## [Problem to solve]
Repeat the records below line by line, exactly, finishing on the line that contains "Wind loading: low".

## [Data for processing]
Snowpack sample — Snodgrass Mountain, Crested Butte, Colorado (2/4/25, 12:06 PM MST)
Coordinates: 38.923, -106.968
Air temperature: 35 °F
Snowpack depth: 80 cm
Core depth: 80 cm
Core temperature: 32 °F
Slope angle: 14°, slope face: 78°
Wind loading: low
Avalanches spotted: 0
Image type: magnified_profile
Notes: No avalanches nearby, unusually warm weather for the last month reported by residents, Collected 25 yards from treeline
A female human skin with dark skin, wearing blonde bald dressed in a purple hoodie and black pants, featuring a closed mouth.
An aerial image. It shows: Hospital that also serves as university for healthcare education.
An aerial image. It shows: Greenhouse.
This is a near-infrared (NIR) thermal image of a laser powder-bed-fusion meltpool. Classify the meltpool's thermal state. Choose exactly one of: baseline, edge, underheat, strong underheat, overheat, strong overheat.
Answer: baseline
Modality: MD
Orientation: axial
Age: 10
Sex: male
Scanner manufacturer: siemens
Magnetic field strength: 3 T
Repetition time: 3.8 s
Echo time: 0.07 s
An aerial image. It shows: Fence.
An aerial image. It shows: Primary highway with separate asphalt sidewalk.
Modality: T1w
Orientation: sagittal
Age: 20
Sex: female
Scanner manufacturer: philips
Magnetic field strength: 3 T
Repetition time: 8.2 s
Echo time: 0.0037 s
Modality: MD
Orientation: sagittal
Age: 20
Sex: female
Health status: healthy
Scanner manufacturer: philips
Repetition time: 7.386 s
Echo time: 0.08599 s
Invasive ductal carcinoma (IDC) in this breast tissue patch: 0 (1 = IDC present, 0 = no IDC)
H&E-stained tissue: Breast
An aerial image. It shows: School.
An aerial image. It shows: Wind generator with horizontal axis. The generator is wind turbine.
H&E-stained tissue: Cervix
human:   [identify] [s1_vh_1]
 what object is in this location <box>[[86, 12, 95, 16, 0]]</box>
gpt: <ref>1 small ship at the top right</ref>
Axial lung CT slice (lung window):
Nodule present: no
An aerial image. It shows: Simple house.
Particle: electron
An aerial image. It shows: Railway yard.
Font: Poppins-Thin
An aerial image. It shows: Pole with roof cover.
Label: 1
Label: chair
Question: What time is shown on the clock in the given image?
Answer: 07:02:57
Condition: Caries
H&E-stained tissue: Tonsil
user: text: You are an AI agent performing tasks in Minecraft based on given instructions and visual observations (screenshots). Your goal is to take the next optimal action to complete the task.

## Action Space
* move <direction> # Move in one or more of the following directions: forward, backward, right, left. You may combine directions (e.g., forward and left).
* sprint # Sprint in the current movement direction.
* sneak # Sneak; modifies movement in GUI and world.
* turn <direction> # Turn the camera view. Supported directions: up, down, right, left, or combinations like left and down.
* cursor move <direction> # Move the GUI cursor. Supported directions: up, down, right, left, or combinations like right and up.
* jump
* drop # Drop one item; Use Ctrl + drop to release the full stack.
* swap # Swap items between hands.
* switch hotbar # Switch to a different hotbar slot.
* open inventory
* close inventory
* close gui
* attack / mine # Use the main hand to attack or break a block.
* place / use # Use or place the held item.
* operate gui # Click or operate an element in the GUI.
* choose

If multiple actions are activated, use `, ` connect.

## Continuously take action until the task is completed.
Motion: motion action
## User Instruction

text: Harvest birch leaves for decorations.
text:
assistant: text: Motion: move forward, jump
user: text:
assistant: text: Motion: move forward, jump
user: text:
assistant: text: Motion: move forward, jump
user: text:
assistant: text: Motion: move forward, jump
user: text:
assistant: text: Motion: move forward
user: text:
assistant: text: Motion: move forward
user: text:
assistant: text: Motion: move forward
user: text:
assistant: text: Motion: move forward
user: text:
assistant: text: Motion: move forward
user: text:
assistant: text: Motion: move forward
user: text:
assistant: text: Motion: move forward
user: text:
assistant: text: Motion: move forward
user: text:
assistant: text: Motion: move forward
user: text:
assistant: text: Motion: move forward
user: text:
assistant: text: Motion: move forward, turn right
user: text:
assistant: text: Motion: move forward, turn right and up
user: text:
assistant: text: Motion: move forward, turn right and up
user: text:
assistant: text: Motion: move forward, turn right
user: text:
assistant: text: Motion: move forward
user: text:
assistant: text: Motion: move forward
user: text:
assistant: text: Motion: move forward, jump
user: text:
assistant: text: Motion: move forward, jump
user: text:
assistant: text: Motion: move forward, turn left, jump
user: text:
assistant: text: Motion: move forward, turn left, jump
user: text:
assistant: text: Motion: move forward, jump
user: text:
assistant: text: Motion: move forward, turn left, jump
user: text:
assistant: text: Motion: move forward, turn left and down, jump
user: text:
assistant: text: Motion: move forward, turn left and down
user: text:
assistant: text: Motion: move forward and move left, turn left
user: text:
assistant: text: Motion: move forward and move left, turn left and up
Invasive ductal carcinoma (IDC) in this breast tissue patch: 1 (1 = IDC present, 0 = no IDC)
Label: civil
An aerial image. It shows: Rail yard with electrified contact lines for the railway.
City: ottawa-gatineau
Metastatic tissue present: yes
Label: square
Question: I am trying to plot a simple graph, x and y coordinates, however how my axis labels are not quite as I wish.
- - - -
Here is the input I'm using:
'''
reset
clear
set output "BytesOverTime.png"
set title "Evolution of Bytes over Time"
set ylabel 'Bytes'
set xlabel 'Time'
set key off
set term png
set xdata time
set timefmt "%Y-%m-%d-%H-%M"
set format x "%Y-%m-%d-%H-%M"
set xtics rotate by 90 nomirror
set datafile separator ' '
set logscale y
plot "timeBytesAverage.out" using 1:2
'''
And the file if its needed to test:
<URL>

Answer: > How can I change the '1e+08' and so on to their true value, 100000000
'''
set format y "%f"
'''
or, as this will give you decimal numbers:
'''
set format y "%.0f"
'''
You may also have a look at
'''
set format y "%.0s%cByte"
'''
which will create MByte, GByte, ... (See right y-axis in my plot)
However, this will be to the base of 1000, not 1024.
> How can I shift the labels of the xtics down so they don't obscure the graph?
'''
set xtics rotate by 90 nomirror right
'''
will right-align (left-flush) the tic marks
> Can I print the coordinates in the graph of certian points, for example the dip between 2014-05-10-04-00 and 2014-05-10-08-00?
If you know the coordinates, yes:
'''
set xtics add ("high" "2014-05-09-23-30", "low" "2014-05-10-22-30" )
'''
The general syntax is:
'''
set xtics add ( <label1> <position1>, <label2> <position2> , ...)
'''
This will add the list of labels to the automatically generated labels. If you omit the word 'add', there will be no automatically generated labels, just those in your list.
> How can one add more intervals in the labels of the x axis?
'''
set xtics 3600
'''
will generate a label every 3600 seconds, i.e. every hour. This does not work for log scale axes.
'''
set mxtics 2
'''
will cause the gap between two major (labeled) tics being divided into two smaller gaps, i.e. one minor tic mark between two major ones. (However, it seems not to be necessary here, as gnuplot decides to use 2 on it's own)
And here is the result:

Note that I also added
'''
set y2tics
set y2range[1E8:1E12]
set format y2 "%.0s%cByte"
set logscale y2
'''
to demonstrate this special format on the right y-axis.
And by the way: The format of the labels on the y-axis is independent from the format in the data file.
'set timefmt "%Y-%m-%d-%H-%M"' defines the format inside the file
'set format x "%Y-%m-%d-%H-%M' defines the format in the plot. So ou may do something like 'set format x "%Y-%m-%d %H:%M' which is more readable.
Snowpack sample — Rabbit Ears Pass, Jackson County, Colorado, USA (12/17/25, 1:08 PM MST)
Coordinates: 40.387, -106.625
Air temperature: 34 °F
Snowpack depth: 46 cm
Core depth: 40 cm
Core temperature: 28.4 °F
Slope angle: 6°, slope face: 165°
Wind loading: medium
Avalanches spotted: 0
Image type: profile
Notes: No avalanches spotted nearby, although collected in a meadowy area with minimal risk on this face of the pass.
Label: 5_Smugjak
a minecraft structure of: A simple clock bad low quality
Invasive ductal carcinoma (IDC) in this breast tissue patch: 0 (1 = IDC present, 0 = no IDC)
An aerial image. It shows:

## [Answer below]
Snowpack sample — Snodgrass Mountain, Crested Butte, Colorado (2/4/25, 12:06 PM MST)
Coordinates: 38.923, -106.968
Air temperature: 35 °F
Snowpack depth: 80 cm
Core depth: 80 cm
Core temperature: 32 °F
Slope angle: 14°, slope face: 78°
Wind loading: low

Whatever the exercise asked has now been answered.